Il est 18 heures, le jour décline, je suis
assise sur mon balcon. Olivier est au lit, malade, il ne me reste qu'à
patienter. Première pensée : je ne vais quand même pas rester là à ne rien
faire ! Mais pourquoi pas après tout ? Simplement être là. Et observer. Alors,
petit à petit, un détail capte mon attention, puis un autre et le tableau
devient théâtre.
Face à moi, en contre-bas, une cour intérieure
dessinée par une succession de petites échoppes. Derrière elles la route. En
fond sonore, les klaxons, rien de bien surprenant. Un homme se retire de son échoppe
et se retrouve face à mon balcon. A l'abri des regards de la rue, il urine. Je
baisse les yeux, lui les lève. La seule personne gênée dans l'histoire, c'est
moi. Et puis un autre apparaît, même scénario. Ainsi ils se succèdent. A ma
droite, un poteau électrique et des fils qui s'en échappent de toutes parts.

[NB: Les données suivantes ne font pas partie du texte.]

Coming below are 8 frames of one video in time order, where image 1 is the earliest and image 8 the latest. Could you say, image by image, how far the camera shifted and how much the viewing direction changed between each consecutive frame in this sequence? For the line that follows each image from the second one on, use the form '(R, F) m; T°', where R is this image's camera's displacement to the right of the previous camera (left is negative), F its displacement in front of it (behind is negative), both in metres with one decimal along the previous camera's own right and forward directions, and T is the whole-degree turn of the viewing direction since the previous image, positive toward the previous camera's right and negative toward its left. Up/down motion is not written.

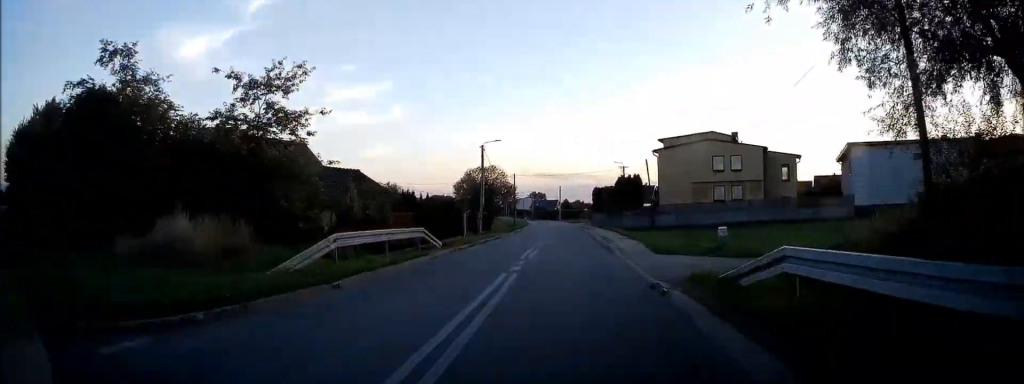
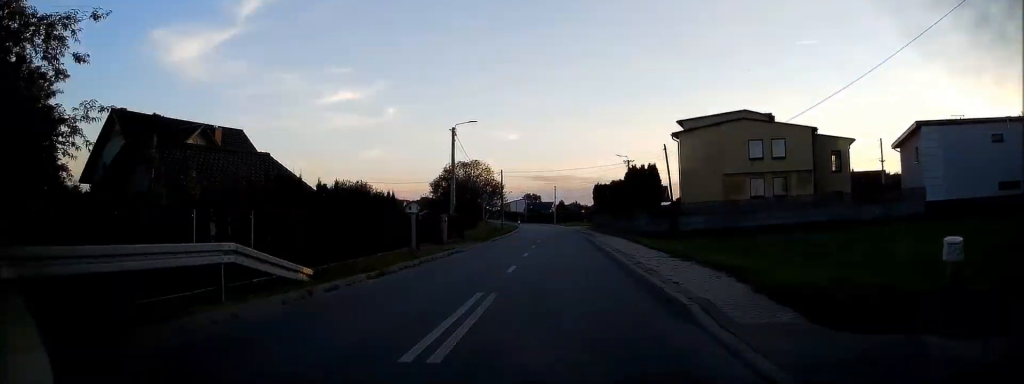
(+0.3, +12.8) m; +1°
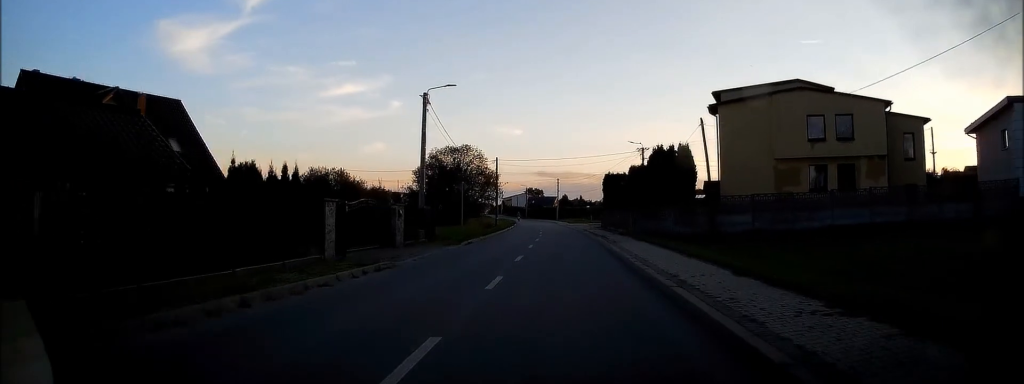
(-0.1, +10.5) m; -1°
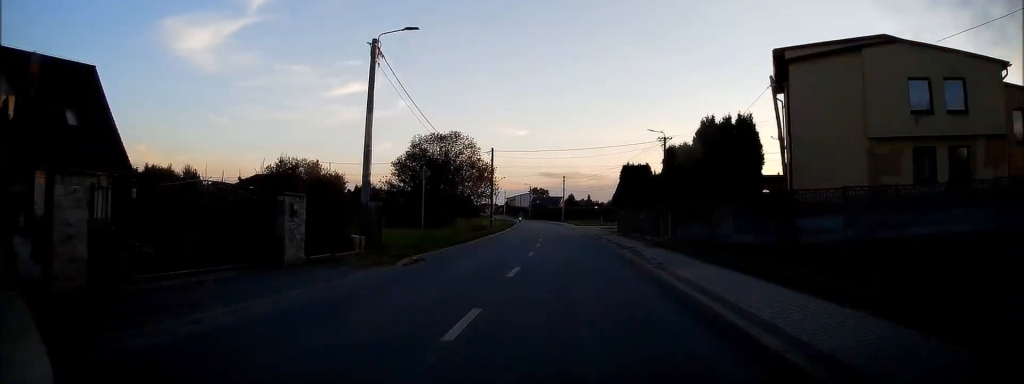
(-0.2, +10.7) m; -1°
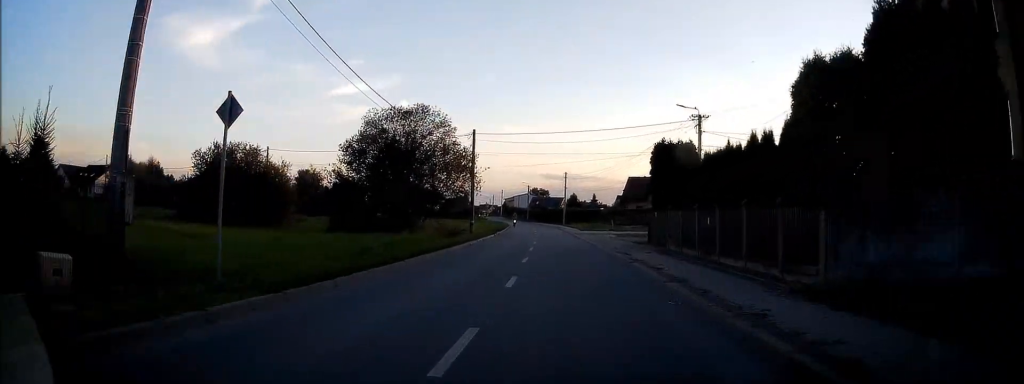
(0.0, +14.1) m; 0°
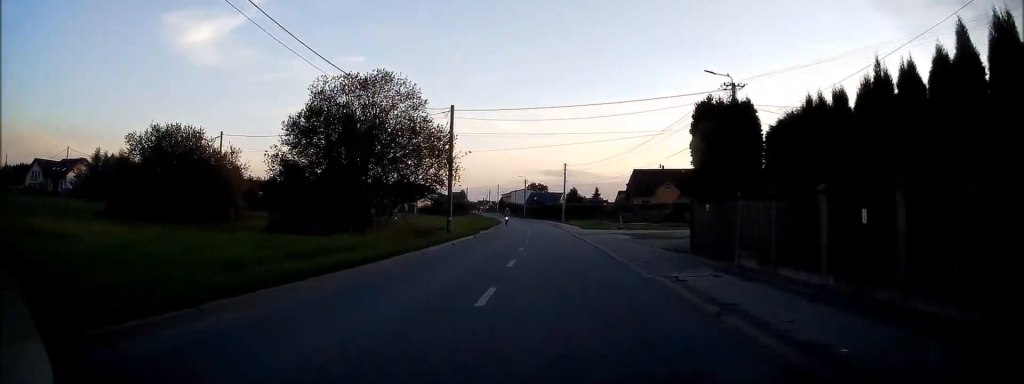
(0.0, +9.2) m; 0°
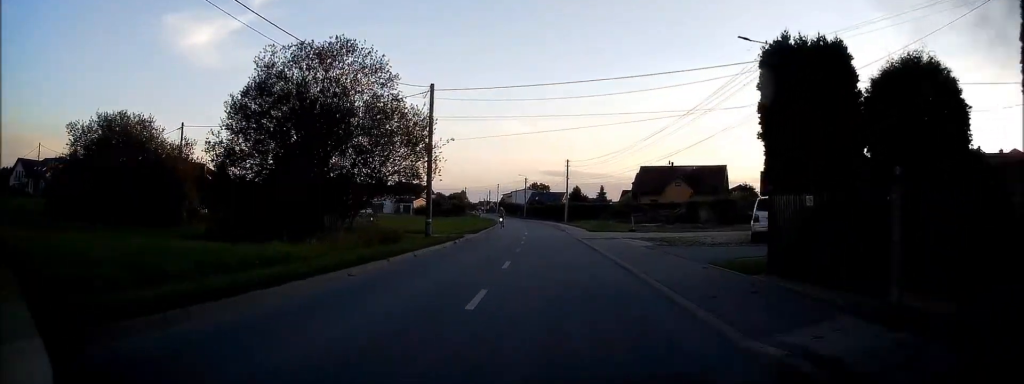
(0.0, +6.7) m; 0°
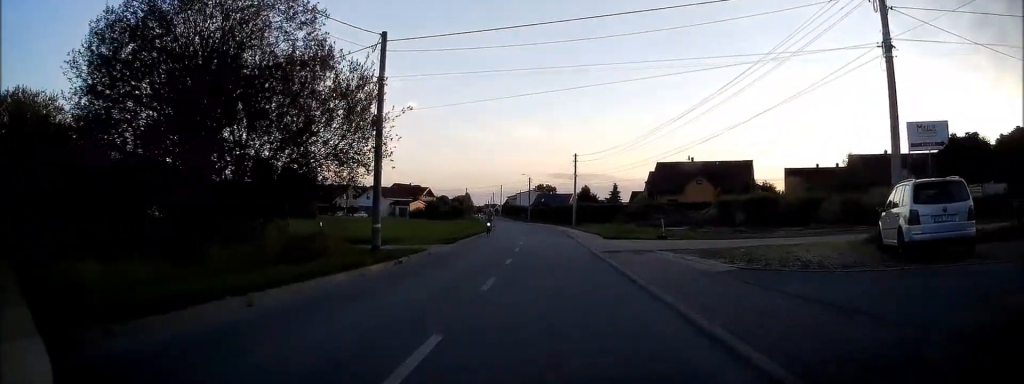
(0.0, +10.1) m; 0°

Deux petits écureuils rayés jouent aux funambules, tantôt courant sur le fil,
tantôt suspendus au-dessous. La télé dans notre chambre diffuse l'Age de glace.
Je ne peux m'empêcher de sourire. Spectacle apprécié également des oiseaux
exotiques au corps rond et à la queue longue, perchés non loin. Puis une vache
traverse la cour d'un pas nonchalant. Tantôt terrain de jeux pour six petits
chiots qui couratent entre ses pattes, tantôt taxi pour aigrettes paresseuses.
La vache hésite entre ingurgiter un sac poubelle et un paquet de chips. Il faut
avouer qu'elle n'a que l'embarras du choix. Il y a bien un petit feu, là, un
peu plus loin, qui tente maladroitement d'éliminer quelques déchets. Mais à
quoi bon ? Ne reste de son existence qu'une odeur envahissante et un tas de
cendres au milieu de la mer de déchets impassibles. Pendant tout ce temps, les
hommes continuent leur valse. Ah, voilà, les chiots ont retrouvé leur maman
biologique. Quelques jappements, puis celle-ci s'en va, suivie de sa progéniture
trottinant à la queue leu-leu.
Sortie de scène.
Changement de décor.
La route. Un klaxon plus soutenu attire mon
attention, un gros camion rouge passe, débordant de cannes à sucre. Au-dessus d’elles
se tient en équilibre une dizaine de passagers. Les rickshaws sont alignés au
bord de la route, ils attendent les clients. Et des vaches, encore elles ! Cette
fois au milieu du carrefour mais toujours nonchalantes. Elles sont reines ici et
personne ne vient les contrarier.
Et puis commence la danse lumineuse des
phares.
La nuit tombe.
La vie du village continue. Je me retire.
Baisser de rideau.
AG 19.12.12
De toute évidence l'Inde t'inspire. Beau texte bravo Aline ! Danièle a dit qu'elle l'a dégusté.